### Study material ###

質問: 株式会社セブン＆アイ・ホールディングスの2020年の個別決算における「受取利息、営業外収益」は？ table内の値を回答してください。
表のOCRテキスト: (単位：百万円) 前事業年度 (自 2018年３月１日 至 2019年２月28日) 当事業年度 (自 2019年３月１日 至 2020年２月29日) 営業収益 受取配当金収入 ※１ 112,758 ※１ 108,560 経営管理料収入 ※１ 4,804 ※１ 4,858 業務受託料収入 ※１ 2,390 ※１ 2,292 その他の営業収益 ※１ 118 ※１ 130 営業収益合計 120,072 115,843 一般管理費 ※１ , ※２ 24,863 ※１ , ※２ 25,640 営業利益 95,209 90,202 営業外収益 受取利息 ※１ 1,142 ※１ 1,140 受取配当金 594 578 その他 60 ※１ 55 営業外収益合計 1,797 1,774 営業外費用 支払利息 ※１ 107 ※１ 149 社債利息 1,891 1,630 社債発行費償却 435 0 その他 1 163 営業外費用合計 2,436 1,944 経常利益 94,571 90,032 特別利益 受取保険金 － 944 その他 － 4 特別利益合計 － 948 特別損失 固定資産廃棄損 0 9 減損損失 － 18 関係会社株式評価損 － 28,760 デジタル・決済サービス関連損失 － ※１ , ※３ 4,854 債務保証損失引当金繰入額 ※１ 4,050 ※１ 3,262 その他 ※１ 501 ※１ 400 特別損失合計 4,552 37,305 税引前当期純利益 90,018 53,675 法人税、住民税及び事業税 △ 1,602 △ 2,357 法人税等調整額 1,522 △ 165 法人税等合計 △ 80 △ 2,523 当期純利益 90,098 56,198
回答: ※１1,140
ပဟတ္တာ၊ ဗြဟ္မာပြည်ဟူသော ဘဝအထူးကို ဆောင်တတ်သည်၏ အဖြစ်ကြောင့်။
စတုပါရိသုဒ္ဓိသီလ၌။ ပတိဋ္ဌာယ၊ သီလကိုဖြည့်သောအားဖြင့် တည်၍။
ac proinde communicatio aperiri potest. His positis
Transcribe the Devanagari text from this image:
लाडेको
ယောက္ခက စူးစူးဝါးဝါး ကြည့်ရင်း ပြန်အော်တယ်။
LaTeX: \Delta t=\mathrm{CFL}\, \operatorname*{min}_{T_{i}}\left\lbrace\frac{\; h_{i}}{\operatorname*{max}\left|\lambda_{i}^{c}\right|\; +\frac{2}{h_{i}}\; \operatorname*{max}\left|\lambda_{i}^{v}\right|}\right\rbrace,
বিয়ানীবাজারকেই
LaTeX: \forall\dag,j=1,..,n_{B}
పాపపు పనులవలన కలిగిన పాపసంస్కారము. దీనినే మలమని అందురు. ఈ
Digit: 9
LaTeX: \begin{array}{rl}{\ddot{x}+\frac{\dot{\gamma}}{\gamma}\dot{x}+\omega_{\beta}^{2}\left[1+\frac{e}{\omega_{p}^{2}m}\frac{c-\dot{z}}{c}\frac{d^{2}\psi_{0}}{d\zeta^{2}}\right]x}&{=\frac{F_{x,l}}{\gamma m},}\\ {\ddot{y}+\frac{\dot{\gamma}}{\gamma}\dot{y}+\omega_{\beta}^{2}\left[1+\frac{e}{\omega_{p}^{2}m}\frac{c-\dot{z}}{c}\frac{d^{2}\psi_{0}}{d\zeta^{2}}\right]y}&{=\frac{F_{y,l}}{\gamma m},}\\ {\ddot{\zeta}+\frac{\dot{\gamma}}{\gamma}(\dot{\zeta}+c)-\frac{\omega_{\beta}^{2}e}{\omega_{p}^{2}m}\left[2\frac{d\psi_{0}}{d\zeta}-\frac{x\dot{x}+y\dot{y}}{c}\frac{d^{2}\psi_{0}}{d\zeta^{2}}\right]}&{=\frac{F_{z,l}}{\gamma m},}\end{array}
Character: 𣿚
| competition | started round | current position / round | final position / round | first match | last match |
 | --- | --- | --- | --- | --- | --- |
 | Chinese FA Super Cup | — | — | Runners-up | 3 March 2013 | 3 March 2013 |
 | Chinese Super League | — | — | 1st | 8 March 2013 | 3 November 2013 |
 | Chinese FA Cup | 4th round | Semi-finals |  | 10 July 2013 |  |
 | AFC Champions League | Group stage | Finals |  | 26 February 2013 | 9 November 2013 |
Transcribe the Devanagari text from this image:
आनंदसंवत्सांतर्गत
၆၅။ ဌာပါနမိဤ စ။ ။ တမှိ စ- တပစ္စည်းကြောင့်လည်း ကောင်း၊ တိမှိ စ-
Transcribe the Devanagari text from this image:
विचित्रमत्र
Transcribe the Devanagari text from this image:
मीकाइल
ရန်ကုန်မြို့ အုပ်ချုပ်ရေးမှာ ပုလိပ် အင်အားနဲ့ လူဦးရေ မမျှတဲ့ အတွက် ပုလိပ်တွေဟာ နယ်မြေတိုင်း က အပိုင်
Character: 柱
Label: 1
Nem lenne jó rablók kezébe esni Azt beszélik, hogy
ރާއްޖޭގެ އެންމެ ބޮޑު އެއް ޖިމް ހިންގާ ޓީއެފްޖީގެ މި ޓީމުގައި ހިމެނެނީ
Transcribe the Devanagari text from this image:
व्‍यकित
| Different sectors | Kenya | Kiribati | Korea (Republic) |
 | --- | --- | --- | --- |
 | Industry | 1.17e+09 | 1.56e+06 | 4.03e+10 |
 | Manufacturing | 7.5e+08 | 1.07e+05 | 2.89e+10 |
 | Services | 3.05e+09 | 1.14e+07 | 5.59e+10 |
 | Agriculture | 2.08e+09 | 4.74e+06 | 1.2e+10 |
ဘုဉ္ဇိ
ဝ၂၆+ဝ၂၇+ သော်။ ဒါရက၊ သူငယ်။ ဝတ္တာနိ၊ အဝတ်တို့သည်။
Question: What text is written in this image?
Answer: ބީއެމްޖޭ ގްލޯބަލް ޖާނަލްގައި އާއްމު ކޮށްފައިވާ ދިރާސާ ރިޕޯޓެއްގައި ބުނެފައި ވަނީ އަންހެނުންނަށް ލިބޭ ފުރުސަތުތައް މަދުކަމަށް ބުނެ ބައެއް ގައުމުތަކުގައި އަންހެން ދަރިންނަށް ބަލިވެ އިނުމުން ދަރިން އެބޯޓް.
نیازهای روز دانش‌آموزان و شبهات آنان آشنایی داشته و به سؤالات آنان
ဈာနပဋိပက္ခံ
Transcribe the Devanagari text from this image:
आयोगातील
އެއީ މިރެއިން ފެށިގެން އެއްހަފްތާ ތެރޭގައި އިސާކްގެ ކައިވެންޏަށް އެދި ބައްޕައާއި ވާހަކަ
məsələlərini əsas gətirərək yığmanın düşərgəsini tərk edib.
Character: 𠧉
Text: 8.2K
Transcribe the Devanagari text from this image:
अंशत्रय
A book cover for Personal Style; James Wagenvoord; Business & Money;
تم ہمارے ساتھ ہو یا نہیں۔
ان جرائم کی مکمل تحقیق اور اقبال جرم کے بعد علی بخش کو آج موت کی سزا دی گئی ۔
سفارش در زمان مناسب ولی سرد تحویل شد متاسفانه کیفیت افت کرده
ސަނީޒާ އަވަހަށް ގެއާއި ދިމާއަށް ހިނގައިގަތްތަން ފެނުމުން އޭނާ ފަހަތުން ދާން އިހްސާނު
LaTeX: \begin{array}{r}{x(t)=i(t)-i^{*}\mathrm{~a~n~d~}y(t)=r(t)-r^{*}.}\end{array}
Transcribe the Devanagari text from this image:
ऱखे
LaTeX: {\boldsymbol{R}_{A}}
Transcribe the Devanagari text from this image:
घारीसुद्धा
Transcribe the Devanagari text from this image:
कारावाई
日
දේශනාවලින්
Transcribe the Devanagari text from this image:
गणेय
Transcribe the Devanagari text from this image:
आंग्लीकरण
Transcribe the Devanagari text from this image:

###

■ **Problem to work on**
For this exercise, reproduce exactly each line from the one containing "A book cover" through the last line of the data, and no others.

■ **The answer**
A book cover for Personal Style; James Wagenvoord; Business & Money;
تم ہمارے ساتھ ہو یا نہیں۔
ان جرائم کی مکمل تحقیق اور اقبال جرم کے بعد علی بخش کو آج موت کی سزا دی گئی ۔
سفارش در زمان مناسب ولی سرد تحویل شد متاسفانه کیفیت افت کرده
ސަނީޒާ އަވަހަށް ގެއާއި ދިމާއަށް ހިނގައިގަތްތަން ފެނުމުން އޭނާ ފަހަތުން ދާން އިހްސާނު
LaTeX: \begin{array}{r}{x(t)=i(t)-i^{*}\mathrm{~a~n~d~}y(t)=r(t)-r^{*}.}\end{array}
Transcribe the Devanagari text from this image:
ऱखे
LaTeX: {\boldsymbol{R}_{A}}
Transcribe the Devanagari text from this image:
घारीसुद्धा
Transcribe the Devanagari text from this image:
कारावाई
日
දේශනාවලින්
Transcribe the Devanagari text from this image:
गणेय
Transcribe the Devanagari text from this image:
आंग्लीकरण
Transcribe the Devanagari text from this image:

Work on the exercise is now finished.